Normally those redirects would be listed first in your .htaccess file.
In this case you have to insert keywords into the new URL and there is no way for .htaccess to do that.
The solution is fairly simple. Use a rewrite to connect those requests to a special redirect script that uses the category and/or product number to look up the keyword list in the database. Use the PHP HEADER command to send a 301 redirect to the correct URL. Do ensure you add the extra stuff to this to make a 301 redirect, as the default is a 302 redirect.
The URLs pointed to by redirects should also contain both the protocol and the full domain name, so that there is no ambiguity when the non-canonical version is requested. The redirect should fix both of those things at the same time as it fixes everything else.
Your redirect script is likely a dozen lines of PHP code and a database query, for each type of URL. It is a fairly simple job.
The redirect script will also need to return a HEADER 404 for any completely non-valid requests (where the category or product ID does not exist at all).

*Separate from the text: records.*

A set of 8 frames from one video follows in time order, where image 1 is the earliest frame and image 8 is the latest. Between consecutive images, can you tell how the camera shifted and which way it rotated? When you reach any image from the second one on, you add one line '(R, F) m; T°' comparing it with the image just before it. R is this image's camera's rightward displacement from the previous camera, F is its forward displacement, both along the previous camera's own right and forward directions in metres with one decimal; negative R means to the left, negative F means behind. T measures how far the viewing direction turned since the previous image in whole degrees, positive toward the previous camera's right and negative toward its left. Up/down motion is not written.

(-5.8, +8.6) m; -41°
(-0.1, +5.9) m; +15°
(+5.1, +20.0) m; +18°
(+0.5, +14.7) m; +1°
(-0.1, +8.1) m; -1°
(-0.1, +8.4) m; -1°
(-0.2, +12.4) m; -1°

Having said all that, your initial code was one of the best 'first go' coding examples seen in recent weeks. However, the job is a lot more involved than you first expected.
Jim
The former should lead to content being served, and the latter should result in a redirect back to the friendly URL format. The requests could be differentiated by adding a 'hidden' parameter (like
&friendly=true or something) in the rewrite to trigger this selection. If the parameter is missing, serve a redirect to the friendly URL, and strip all parameters in that redirect. If the parameter is present, serve the content. For me, I would simply rewrite direct client requests for category.php and product.php URLs to this redirect.php script and let that generate the correct redirects. The script would need to do a quick lookup in the database to get the correct keyword part of the URL that matches the category and product IDs, so that it could generate the correct 'friendly' URLs.

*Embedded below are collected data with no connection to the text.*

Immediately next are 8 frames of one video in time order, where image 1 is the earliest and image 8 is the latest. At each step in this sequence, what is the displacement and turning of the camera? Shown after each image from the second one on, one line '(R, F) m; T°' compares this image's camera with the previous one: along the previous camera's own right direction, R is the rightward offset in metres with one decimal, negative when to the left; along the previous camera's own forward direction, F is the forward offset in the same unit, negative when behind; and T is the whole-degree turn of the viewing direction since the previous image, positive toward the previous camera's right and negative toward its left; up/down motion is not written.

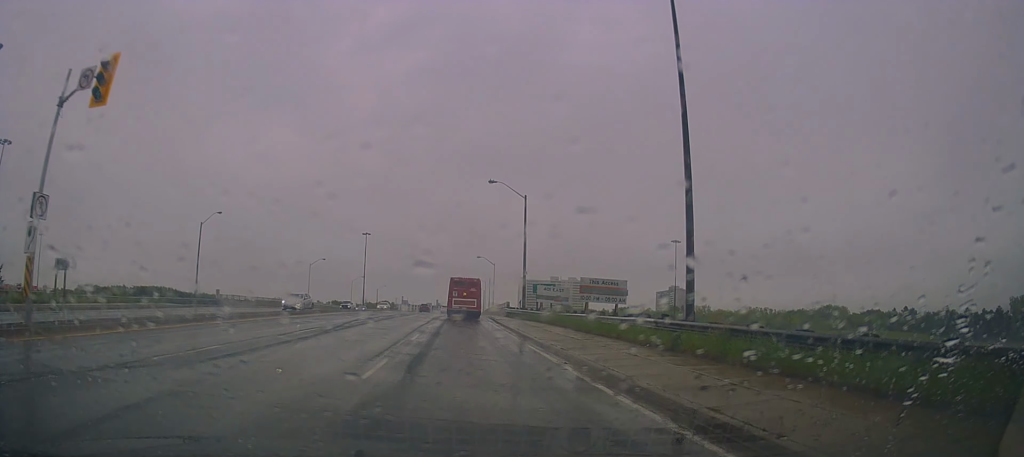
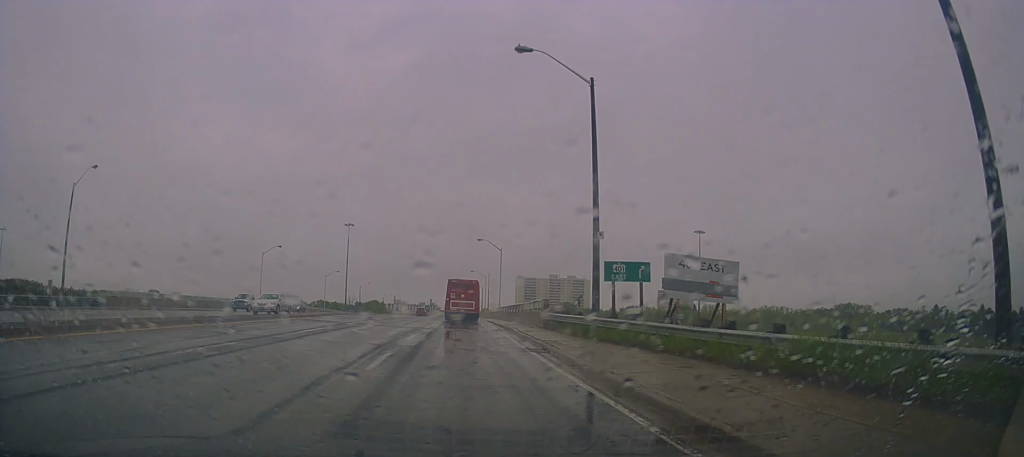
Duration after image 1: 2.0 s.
(+0.3, +26.6) m; +2°
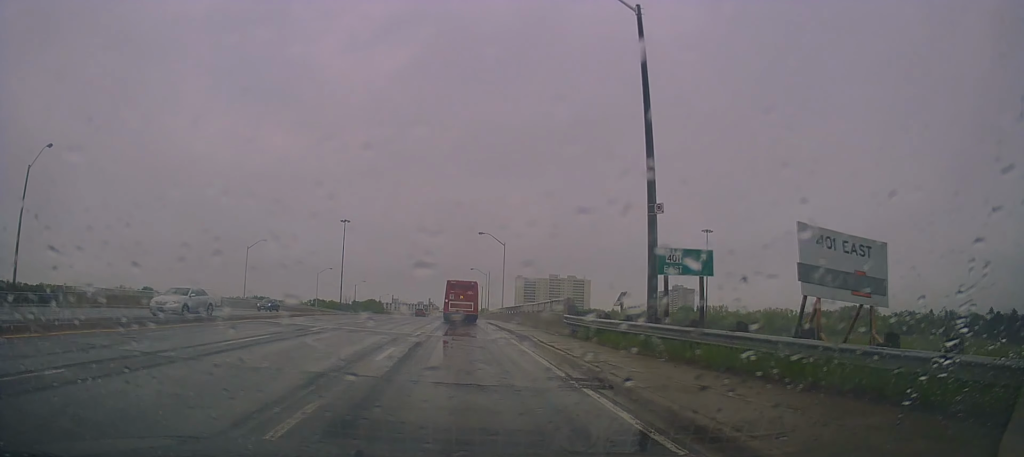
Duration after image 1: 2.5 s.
(+0.2, +6.3) m; +1°
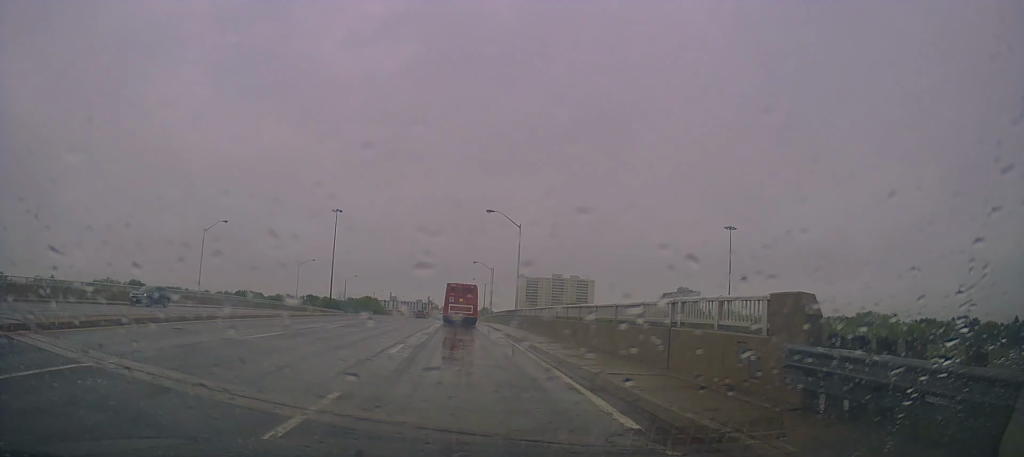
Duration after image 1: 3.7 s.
(+0.2, +15.8) m; -1°
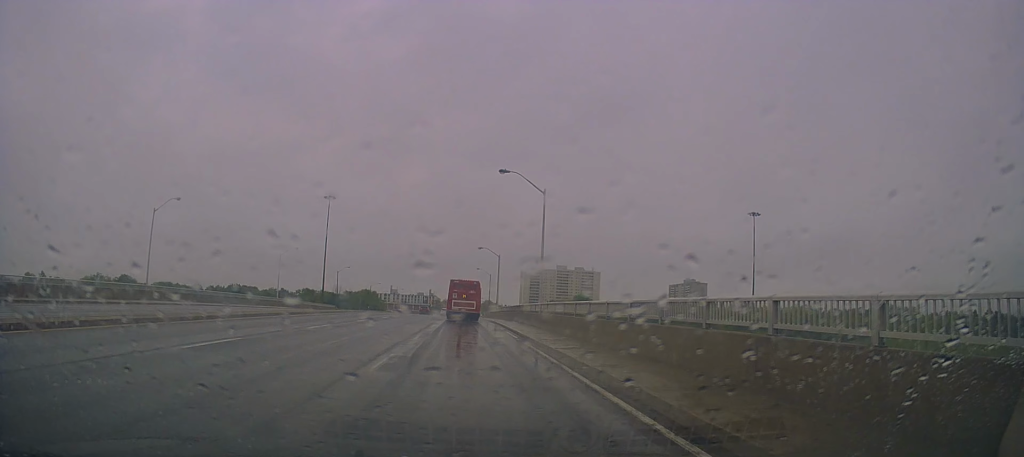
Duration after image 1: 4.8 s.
(-0.3, +13.5) m; 0°
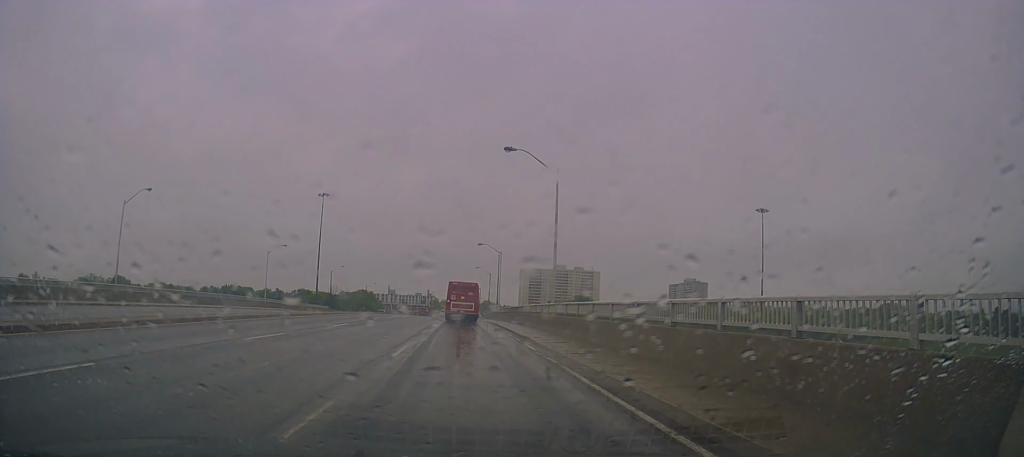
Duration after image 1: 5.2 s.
(0.0, +5.3) m; 0°
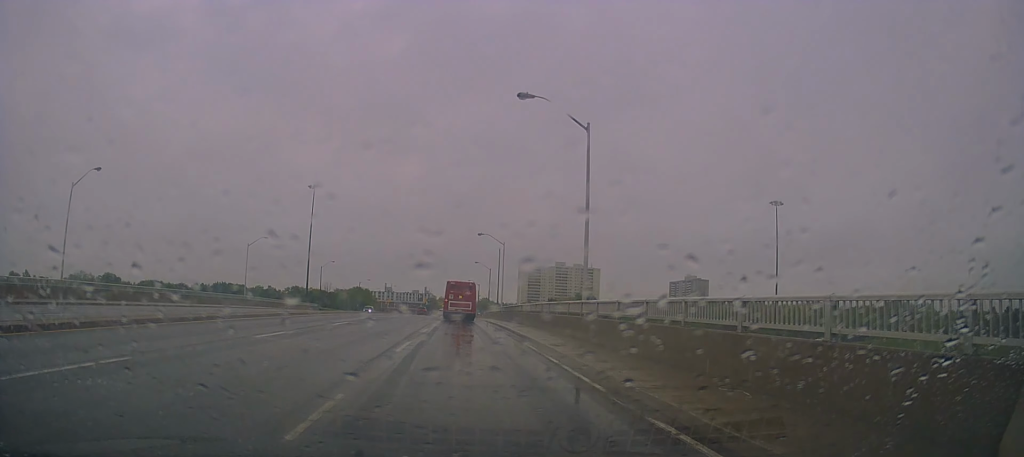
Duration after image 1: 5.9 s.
(+0.3, +8.3) m; 0°
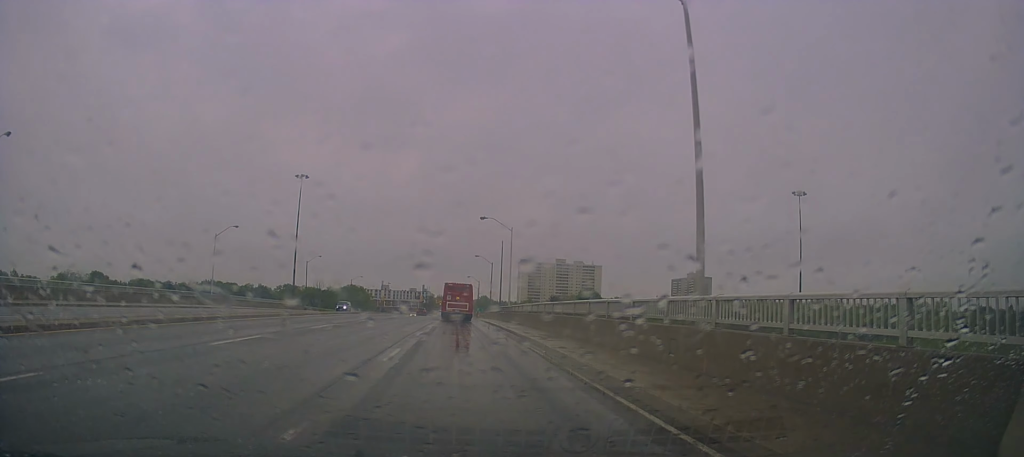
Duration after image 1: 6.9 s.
(-0.2, +11.8) m; 0°

It would also need to check that the category ID does exist, and the product ID does exist, and that the category and product ID when used together are a valid combination. For any that fail this test, a 404 error needs to be issued. This function will also need to appear in your main script... you don't want to serve content when 'incorrect category and product combinations' appear in a URL.